Is this part of the process of getting off the slope, where you have to first publish a picture and admit "I'm a block plane-aholic" :lol: 

Haven't a clue about most, but I'll guess that the third from the left is a Veritas (OK, I started with the easy one), the next one is a Stanley 60.5, the eighth one looks like a Record knuckle-joint 09.5. The rest I don't know - so at least I don't have to join block plane-aholic anonymous just yet :wink: 

Paul


----------



## Scrit (15 Sep 2006)

Paul

I've met a few of the real heavy collectors in the States and I'm a real lightweight in comparison..... but I've dabbled since the late seventies when I first met Roy Arnold and Tony Barwick (anyone remember his shop on Upper Street in Islington?)

The LV was a relatively easy one. And the fourth from the left is a tad _wide_ to be a 60-1/2, knew someone would _Fall_ for that one. The eighth one is black (and they were both bought in the UK)

Scrit


----------



## Paul Chapman (16 Sep 2006)

I'm obviously colour blind as well :? 

Paul


----------



## Alf (16 Sep 2006)

Sheesh, and I thought I had a block plane problem...

'Course you couldn't do anything obvious like a 507 or 140, could you? :roll: Are the two knuckle caps in the middle Sargents? The one on the left being the pricier nickle-plated variety perchance? The other knuckle's probably an 18 or 19 but _it's not a helpful angle_... The ickle one might be a 101? Second in on the left is a 102 I assume. The one like a 102 with an adjustment might be a Sargent too? Ooo, and the one to the right of the possible Sargent knuckle caps might be a Sargent 5206? Ack, they can't all be Sargents? Oh well, chuck in other manufacturer's identical versions as desired... The others are low angle, adjustable mouth things, one of which must be a Millers *Falls*, 57 or something? The one second on the right, rather veritesque in appearance is just annoying me 'cos I have a nagging feeling I've seen one before. Ack, I'm losing the will to live here - I'm done.

Cheers, Alf


----------



## Scrit (16 Sep 2006)

Oops....


----------



## Ian Dalziel (16 Sep 2006)

OK heres my guess's

little plane in the middle is a stanley 101....its the 101 1/2 you want 

working left to right

1....millars falls possibly a 55
2....???marsh 102
3...... veritas
4...millars falls
5....sargent
6.....sargent
7.....double ended block possibly another sargent
8.....??????
9......??????
10....millars falls possibly a 56

i'll get me coat

I


----------



## Scrit (16 Sep 2006)

Alf":1udbdejf said:


> Sheesh, and I thought I had a block plane problem...

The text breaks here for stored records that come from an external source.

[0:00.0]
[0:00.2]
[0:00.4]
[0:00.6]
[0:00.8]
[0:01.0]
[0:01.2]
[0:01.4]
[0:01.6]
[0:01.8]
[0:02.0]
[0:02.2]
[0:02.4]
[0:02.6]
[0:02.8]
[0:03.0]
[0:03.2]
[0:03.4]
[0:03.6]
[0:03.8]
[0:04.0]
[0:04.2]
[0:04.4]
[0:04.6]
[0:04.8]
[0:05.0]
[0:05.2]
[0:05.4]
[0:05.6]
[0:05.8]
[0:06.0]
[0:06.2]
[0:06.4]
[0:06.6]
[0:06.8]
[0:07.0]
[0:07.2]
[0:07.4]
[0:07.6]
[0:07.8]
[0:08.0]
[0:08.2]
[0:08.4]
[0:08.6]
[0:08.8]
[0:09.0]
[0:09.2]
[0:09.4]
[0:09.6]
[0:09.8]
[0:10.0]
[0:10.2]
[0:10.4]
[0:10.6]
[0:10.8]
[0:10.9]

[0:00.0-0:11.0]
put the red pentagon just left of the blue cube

The slippery slope had me many, many years ago....... :roll: Not just you and Philly with problems. DFPs, anyone?

That's pretty good, Alf :shock: :wink:

The left most one is a Sargent variation on the #103, the second from the left is indeed a Stanley but it has an adjuster (difficult to see, I know), so making it a #103. The Millers-Falls plane is indeed their #57 (equivalent to a Stanley #65, a bigger version of the #60-1/2) and the two planes next to that are indeed are indeed Sargent knuckle caps, #5607 and #5306 respectively (variations on the Stanley #18/#19 series) with the bent steel jobbie indeed being a Sargent #5206 as you correctly surmised. The stanley knuckle cap is a #18, but shame on you for not getting the next one as it's also English! The little dinky jobbie at the front is a 101 type, but us the rather less common Record #0101. 

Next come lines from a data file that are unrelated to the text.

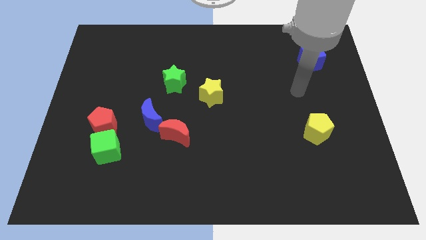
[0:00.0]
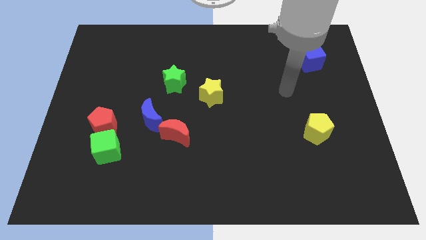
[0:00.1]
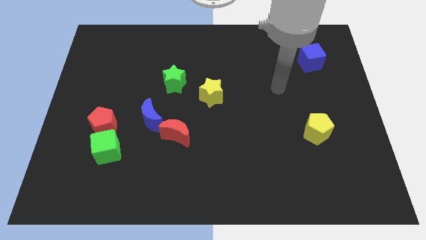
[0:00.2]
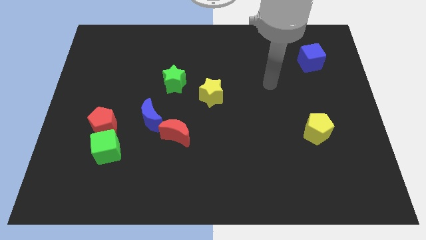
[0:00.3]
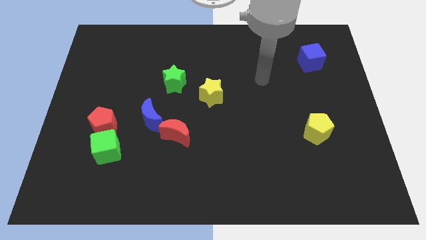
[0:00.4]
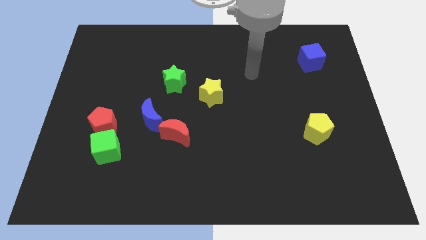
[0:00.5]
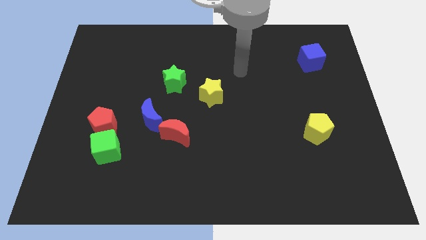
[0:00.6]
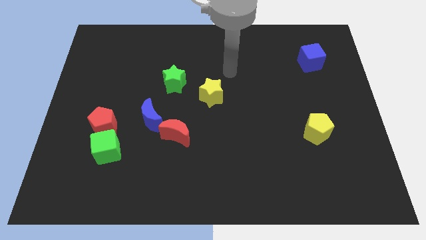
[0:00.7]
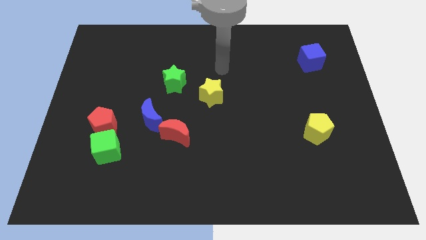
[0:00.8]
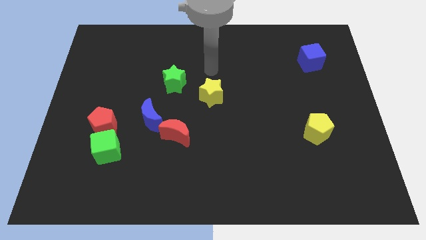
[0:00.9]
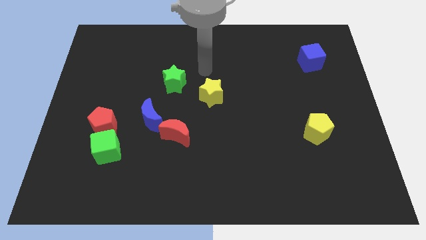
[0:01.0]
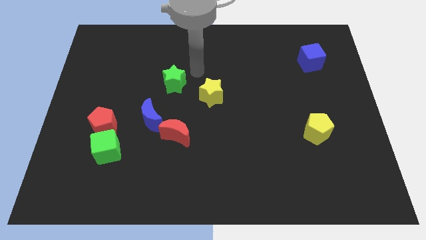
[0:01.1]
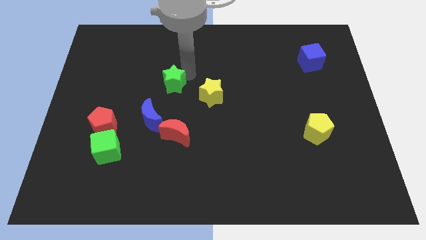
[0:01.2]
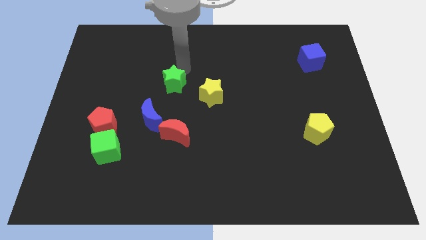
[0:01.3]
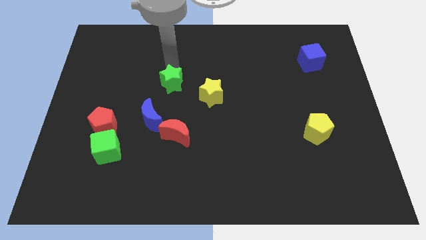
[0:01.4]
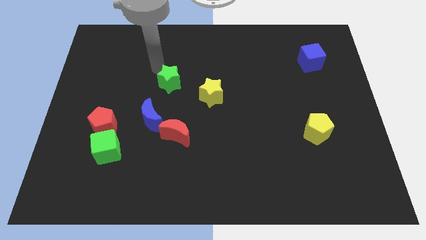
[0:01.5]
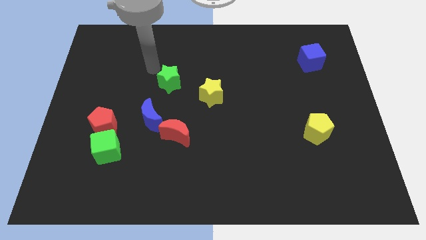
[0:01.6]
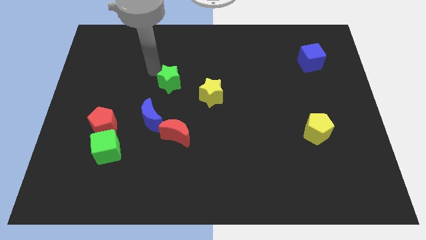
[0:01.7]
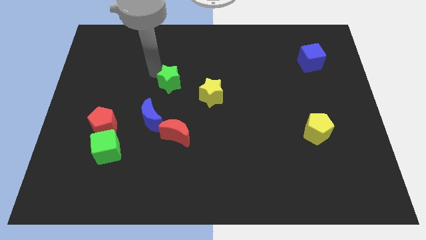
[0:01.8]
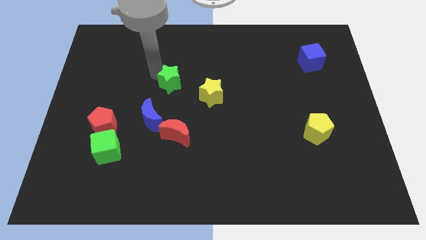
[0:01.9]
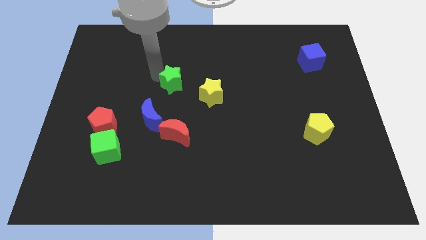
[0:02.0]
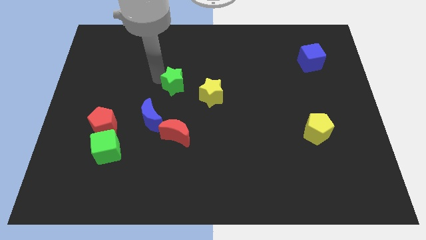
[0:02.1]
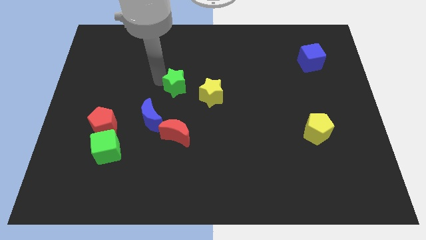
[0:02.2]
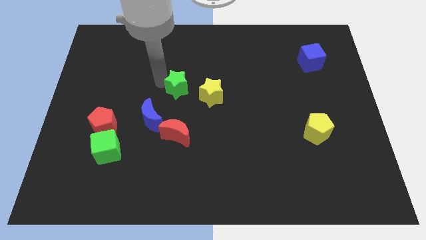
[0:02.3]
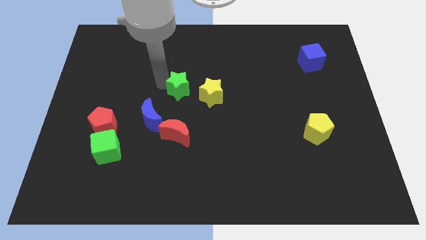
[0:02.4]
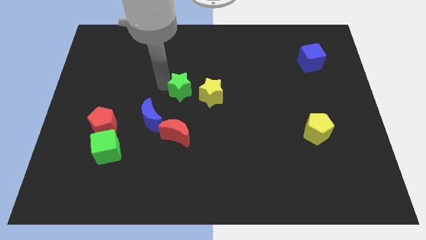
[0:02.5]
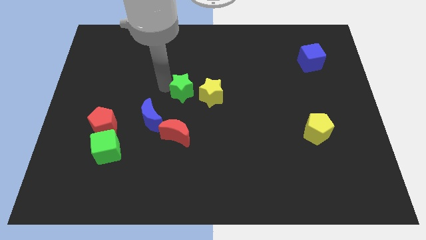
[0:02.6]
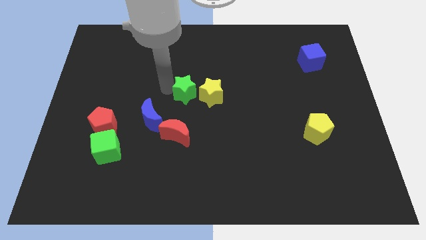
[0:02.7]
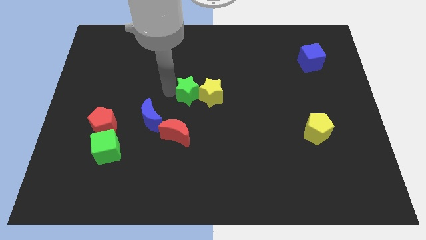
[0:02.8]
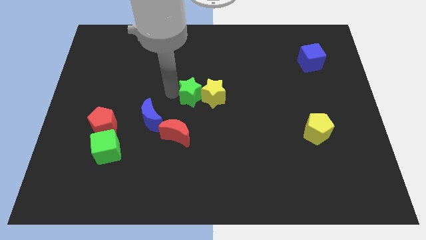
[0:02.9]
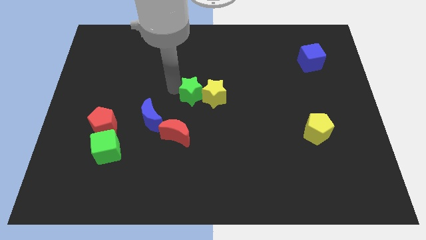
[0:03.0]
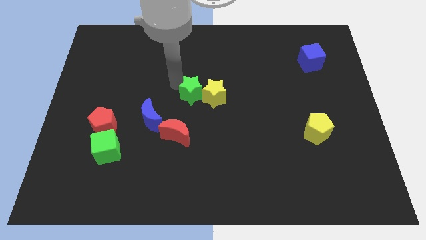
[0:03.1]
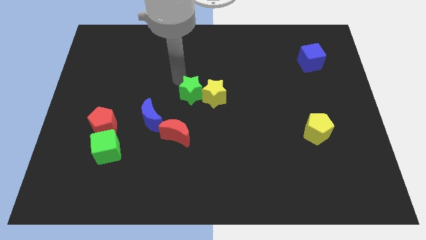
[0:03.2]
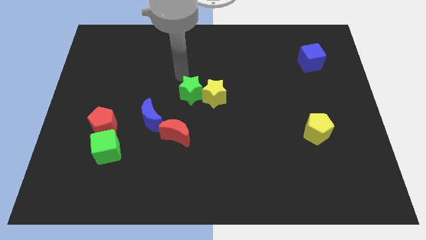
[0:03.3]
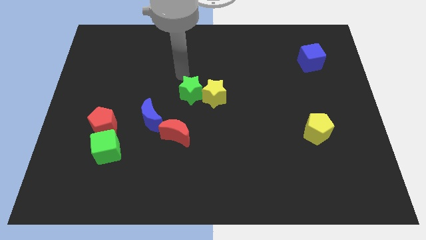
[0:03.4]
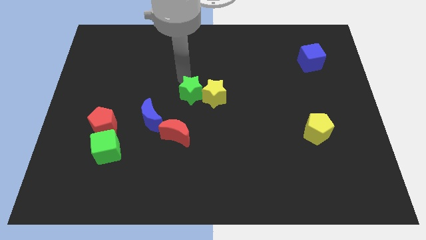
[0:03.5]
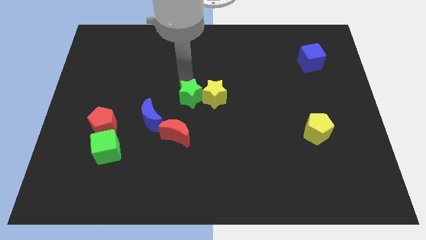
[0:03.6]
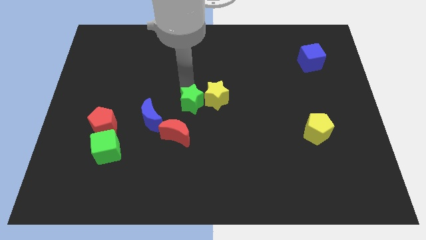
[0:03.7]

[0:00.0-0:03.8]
move the green star diagonally up and to the right of the red moon

So that leaves the two at the right hand end. Most of these were bought in the UK and not at auction either (in fact one of them was bought new, still nagging......?) It's sometimes easy to forget that both Millers-Falls and Sargent took several pops at the British market over the years

Scrit


----------



## Ian Dalziel (16 Sep 2006)

> rather less common Record #0101



  


looking again i'm iclined to say no8 (L to R) is a stanley with a nickel plated lever cap
no idea on no 9 the front brass screw and rear adjuster i dont reconsise...but i dont collect  


I


----------



## Scrit (16 Sep 2006)

Ian, that's the #18. Just for good measure I also have this:






:lol: 

Scrit


----------



## Paul Chapman (16 Sep 2006)

What are those knuckle caps like in use, Scrit? I've never used one. I find that the little lever on the #60.5 type of plane sometimes causes the blade to move slightly when it is tightened or released which is why I prefer the large screw of the type used on the Veritas :wink: 

Paul


----------



## Scrit (16 Sep 2006)

Paul Chapman":2ay1es6c said:


> What are those knuckle caps like in use, Scrit?


Hi Paul 

They are actually quite comfortable as the "dome" rests in the palm, although the Stanley/Record type is more comfortable to use than the Sargent type - the Sargent "dome" sits a little higher and feels a little larger. Actually, I reckon the LV low angle block is better than both. The only thing is that the lateral adjustment lever can get caught on your fingers from time to time. I've not experienced the problem of blade movement you have; my #60-/12 has a knob that is turned for blade adjustment, it's small stuff like the #103 I've had move on me from time to tiime

Scrit


----------



## Paul Chapman (16 Sep 2006)

Scrit":39r3wq45 said:


> Just for good measure I also have this:



Blimey, that's in good nick :shock: 

Paul


----------



## Alf (16 Sep 2006)

Scrit":3ek779si said:


> That's pretty good, Alf :shock: :wink:


Hah! It's a perishin' miracle I got any of them - I've never bothered to memorise any block plane features 'cos I know I'll never see them. :roll: :lol: 

And yes, number 9 is still nagging - I just know I'm going to go "d'oh"

Cheers, Alf


----------



## Anonymous (16 Sep 2006)

What an incredible collection you've got there Scrit. 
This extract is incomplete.